So, it's time to be fair (and square). As noted earlier, the wing root fairings are well designed, but need shaping. With the curves rolled in (lots of bending, then rubbing in the palm with various sized round things and points) I selected the back edge as the baseline - based on my trial fittings. Glue down the back edge starting on the wing and ending at the fuselage.

FGMM AC-47 repaint and tweaks-ac-47-27.jpg

I did it in two steps, first the initial flat section (about half), then the curve along the lower wing surface extensions to the point where it meets the fuselage. This is where I "burnished" the edge - apply a very thin line of glue to the wing, then use a pointed rod to gently roll the fairing edge into place. It should only touch at the edge where the glue line is.

FGMM AC-47 repaint and tweaks-ac-47-28.jpg

With the back edge secure, I pulled the fairing tight (this is where your pre-shaping pays off, it won't fit otherwise) and wrapped it around the leading edge.
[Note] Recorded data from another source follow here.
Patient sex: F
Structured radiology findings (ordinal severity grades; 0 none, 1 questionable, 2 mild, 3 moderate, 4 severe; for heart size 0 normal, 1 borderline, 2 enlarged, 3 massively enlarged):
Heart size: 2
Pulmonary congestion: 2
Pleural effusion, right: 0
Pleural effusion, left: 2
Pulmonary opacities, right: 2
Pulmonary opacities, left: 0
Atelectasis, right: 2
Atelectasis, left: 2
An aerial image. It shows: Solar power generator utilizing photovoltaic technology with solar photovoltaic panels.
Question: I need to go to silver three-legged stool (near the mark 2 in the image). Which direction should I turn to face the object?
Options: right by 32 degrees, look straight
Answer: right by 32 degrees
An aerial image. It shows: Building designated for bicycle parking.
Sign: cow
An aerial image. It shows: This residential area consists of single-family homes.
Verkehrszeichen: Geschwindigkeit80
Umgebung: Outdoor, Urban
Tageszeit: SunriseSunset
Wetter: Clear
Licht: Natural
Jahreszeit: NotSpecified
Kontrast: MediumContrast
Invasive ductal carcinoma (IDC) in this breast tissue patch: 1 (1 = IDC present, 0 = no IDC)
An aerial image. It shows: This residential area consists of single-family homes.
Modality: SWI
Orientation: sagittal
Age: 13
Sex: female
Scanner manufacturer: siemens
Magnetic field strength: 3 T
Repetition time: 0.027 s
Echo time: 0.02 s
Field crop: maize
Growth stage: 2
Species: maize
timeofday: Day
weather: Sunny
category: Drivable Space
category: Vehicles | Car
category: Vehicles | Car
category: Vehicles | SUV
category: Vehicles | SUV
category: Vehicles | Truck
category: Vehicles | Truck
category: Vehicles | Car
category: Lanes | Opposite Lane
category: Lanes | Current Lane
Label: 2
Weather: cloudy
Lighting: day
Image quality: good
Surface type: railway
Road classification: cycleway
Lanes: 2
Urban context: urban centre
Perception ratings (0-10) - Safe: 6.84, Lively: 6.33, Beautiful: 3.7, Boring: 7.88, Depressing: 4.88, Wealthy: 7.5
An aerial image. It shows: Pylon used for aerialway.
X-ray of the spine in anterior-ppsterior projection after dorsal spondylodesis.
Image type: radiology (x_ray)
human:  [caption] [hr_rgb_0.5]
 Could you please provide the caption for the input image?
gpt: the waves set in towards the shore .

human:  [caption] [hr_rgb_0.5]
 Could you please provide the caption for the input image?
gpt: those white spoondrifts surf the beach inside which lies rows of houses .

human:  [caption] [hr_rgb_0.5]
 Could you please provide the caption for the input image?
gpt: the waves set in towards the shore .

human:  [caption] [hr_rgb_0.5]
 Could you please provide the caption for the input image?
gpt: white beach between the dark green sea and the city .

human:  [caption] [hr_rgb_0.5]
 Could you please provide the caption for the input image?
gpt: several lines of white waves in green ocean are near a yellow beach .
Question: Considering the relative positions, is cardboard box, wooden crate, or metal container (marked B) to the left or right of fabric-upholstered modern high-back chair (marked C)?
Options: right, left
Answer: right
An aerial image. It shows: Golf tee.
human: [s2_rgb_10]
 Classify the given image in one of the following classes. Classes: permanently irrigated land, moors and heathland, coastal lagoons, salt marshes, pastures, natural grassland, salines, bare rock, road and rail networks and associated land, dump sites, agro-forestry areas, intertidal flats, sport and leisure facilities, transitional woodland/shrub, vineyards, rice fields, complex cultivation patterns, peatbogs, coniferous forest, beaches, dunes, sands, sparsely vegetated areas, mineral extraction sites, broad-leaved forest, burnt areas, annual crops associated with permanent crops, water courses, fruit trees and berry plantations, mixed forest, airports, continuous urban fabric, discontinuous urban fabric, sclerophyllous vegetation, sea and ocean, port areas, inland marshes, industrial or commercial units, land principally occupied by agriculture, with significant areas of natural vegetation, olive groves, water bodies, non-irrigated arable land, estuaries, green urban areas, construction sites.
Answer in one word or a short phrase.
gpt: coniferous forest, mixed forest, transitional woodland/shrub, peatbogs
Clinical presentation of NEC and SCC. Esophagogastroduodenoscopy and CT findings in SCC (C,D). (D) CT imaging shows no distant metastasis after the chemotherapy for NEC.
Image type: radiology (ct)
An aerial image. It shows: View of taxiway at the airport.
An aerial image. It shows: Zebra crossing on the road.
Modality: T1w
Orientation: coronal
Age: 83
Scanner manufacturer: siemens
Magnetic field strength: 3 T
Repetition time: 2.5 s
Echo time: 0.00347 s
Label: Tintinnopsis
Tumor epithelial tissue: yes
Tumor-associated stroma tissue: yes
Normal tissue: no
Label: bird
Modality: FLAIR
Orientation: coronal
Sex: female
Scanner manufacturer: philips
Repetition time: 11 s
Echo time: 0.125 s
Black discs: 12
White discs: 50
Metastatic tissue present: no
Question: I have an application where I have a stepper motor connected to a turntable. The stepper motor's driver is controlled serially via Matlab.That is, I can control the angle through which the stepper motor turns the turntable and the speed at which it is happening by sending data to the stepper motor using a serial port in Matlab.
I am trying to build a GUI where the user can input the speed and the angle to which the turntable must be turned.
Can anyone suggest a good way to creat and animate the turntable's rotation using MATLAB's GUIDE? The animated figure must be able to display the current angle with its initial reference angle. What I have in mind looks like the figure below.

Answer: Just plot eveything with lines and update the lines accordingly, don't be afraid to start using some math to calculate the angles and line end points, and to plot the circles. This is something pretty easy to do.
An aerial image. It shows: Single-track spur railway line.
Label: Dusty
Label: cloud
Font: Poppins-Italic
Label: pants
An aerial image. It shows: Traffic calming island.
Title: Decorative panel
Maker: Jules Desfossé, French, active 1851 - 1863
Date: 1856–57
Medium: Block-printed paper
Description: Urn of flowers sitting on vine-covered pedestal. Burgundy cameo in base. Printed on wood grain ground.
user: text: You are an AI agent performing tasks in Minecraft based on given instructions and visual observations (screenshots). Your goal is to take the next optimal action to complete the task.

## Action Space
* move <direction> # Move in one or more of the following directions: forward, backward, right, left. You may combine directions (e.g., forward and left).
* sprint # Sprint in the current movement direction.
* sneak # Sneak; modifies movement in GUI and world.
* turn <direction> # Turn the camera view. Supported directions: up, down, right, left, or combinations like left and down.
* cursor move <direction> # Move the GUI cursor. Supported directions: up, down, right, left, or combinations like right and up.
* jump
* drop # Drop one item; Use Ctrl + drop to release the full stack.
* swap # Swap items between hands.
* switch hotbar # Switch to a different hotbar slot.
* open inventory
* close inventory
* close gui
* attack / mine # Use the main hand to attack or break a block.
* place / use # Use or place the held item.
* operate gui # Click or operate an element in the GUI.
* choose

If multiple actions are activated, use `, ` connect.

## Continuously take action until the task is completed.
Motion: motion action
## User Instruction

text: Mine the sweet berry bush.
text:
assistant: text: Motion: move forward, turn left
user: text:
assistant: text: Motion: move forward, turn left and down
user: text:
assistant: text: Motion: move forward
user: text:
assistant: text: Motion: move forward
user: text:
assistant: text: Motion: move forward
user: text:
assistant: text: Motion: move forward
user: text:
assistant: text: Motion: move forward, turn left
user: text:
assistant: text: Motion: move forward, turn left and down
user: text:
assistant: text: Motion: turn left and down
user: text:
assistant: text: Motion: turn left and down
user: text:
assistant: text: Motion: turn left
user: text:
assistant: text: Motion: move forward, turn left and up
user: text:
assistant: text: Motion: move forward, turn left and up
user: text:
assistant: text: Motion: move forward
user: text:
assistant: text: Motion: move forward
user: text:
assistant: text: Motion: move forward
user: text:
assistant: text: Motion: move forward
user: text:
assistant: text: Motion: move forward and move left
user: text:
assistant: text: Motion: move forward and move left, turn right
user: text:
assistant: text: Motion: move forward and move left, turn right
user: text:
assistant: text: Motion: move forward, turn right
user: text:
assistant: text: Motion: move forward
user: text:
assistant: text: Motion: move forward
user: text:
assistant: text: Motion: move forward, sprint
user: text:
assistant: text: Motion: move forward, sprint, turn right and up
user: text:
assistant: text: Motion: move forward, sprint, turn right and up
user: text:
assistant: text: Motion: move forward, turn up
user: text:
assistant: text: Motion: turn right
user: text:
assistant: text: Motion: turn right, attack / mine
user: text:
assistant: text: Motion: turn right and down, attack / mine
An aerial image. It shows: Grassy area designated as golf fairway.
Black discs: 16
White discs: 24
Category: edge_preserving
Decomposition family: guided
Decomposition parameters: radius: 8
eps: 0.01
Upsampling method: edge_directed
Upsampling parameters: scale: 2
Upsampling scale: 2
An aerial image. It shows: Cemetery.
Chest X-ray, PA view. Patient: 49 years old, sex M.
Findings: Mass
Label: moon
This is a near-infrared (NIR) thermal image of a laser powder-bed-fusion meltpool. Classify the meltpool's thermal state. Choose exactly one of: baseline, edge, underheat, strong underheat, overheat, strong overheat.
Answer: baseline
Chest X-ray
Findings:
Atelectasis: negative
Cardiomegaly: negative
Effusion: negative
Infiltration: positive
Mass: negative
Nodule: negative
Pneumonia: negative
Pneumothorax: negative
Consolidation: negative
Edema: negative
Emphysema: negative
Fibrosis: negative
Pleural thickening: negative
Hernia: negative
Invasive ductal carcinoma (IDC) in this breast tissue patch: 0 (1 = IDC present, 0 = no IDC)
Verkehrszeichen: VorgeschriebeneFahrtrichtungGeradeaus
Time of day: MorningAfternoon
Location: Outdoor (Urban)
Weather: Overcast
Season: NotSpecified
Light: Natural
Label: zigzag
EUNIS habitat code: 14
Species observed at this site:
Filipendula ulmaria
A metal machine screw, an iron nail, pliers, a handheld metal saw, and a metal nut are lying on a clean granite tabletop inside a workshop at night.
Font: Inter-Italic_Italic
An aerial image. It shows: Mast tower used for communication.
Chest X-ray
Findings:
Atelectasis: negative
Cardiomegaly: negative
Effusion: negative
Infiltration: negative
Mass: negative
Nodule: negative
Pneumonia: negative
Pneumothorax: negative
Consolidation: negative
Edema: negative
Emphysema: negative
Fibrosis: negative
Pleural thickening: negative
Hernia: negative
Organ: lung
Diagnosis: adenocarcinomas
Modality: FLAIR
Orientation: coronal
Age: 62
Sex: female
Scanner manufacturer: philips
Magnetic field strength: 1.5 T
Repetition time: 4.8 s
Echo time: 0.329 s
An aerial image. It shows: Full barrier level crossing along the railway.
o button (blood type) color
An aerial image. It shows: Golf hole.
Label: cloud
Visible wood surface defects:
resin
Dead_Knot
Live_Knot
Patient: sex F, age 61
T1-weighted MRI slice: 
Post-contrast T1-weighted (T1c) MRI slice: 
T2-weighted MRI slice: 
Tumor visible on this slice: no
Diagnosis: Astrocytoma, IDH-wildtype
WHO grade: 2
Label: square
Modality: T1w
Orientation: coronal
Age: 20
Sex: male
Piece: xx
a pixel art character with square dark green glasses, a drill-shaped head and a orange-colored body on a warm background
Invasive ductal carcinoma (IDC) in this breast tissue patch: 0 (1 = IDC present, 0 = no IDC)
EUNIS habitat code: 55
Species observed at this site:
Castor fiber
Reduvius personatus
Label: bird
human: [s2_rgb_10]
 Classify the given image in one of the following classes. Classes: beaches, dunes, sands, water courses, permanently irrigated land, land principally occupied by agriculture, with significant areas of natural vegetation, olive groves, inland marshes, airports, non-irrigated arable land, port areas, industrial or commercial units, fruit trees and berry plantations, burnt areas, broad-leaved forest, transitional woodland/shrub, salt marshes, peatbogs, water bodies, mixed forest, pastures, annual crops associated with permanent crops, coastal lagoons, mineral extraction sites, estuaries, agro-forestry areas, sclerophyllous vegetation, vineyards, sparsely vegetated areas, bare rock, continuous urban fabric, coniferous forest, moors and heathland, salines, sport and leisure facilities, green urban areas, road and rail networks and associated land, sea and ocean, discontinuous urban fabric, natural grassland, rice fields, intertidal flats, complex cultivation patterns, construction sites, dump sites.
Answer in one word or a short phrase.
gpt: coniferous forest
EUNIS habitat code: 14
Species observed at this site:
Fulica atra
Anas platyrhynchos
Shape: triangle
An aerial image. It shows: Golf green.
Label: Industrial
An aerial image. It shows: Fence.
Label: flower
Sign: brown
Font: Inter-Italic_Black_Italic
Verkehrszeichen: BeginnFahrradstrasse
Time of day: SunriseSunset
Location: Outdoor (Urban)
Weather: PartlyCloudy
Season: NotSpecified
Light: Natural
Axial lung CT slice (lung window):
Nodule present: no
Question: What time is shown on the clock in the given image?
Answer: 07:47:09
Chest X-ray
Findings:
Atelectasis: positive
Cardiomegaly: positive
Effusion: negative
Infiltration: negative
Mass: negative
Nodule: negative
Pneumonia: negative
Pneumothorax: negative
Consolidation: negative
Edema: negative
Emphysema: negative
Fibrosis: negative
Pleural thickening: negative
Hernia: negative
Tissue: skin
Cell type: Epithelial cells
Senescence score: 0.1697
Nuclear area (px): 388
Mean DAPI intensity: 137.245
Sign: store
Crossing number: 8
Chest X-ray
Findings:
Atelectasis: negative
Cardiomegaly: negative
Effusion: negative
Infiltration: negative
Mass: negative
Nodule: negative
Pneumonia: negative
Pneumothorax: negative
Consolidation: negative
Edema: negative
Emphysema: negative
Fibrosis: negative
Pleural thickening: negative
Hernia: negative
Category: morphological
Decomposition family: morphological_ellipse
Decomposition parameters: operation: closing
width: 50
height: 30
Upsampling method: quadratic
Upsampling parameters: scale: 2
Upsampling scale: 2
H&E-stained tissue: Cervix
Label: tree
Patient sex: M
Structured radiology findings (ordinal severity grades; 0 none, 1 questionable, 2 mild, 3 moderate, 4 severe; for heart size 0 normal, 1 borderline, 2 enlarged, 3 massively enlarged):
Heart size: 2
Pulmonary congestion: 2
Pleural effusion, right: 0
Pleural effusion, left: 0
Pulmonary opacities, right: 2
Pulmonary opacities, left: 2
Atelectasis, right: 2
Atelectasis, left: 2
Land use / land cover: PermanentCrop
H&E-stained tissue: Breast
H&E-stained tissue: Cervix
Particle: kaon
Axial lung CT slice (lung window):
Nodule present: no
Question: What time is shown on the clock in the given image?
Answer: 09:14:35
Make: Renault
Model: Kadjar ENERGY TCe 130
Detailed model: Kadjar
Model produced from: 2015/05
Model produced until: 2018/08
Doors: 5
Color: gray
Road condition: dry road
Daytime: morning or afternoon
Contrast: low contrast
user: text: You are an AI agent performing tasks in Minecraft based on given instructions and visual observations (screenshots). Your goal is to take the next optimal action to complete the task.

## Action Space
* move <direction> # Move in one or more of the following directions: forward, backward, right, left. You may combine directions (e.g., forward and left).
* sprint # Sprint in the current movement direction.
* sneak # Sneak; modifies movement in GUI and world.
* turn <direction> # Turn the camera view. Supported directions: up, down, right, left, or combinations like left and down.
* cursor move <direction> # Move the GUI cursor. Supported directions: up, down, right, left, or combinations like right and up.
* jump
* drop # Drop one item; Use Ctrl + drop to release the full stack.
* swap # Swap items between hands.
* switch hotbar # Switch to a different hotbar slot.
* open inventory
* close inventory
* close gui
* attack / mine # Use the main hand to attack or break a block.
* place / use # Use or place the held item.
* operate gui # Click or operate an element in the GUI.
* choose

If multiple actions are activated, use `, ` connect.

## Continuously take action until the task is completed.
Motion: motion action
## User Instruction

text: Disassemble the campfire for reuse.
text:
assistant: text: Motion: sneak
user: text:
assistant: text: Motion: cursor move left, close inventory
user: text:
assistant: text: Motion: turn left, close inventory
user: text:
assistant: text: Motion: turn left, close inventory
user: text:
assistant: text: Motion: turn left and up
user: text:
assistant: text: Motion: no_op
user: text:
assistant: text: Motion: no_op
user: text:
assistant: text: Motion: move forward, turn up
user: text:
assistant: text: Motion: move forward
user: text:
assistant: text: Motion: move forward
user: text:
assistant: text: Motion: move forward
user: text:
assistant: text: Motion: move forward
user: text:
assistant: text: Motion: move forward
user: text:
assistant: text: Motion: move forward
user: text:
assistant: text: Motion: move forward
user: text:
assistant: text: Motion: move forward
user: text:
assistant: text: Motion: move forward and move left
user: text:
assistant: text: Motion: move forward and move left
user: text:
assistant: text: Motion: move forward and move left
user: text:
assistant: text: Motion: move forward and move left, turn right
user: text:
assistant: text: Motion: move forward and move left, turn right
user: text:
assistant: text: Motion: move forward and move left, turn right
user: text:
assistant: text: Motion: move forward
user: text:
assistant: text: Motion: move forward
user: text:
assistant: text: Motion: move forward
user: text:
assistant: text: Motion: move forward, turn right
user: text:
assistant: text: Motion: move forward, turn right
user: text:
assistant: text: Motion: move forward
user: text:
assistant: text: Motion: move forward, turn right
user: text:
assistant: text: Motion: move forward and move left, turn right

Only the aft third or so is curved fore-and-aft, the rest must be flat to allow it to twist to follow the wing without creasing (like on my previous C-47 build). Only the front and back of the fairing are glued down, allowing the rest to float along the wing's contour.

FGMM AC-47 repaint and tweaks-ac-47-29.jpg

You can see a few over-rolled spots along the top aft of the fairing. These will be fixed by rolling the point of my rod (OK, it's really a piece of coathanger wire) along the raised edge to push (burnish) it down. Stubborn spots might need a tiny bit of glue - but just a dab.

FGMM AC-47 repaint and tweaks-ac-47-30.jpg

With the fairings in place, the tailfeathers go on - left until now to make it easier to handle the fuselage while getting the fairing in place. As always, lots of fitting, sighting, refitting, re-sighting, etc. to make sure they go on square. Engines are in place for test fit only, just to make sure no adjustment needed.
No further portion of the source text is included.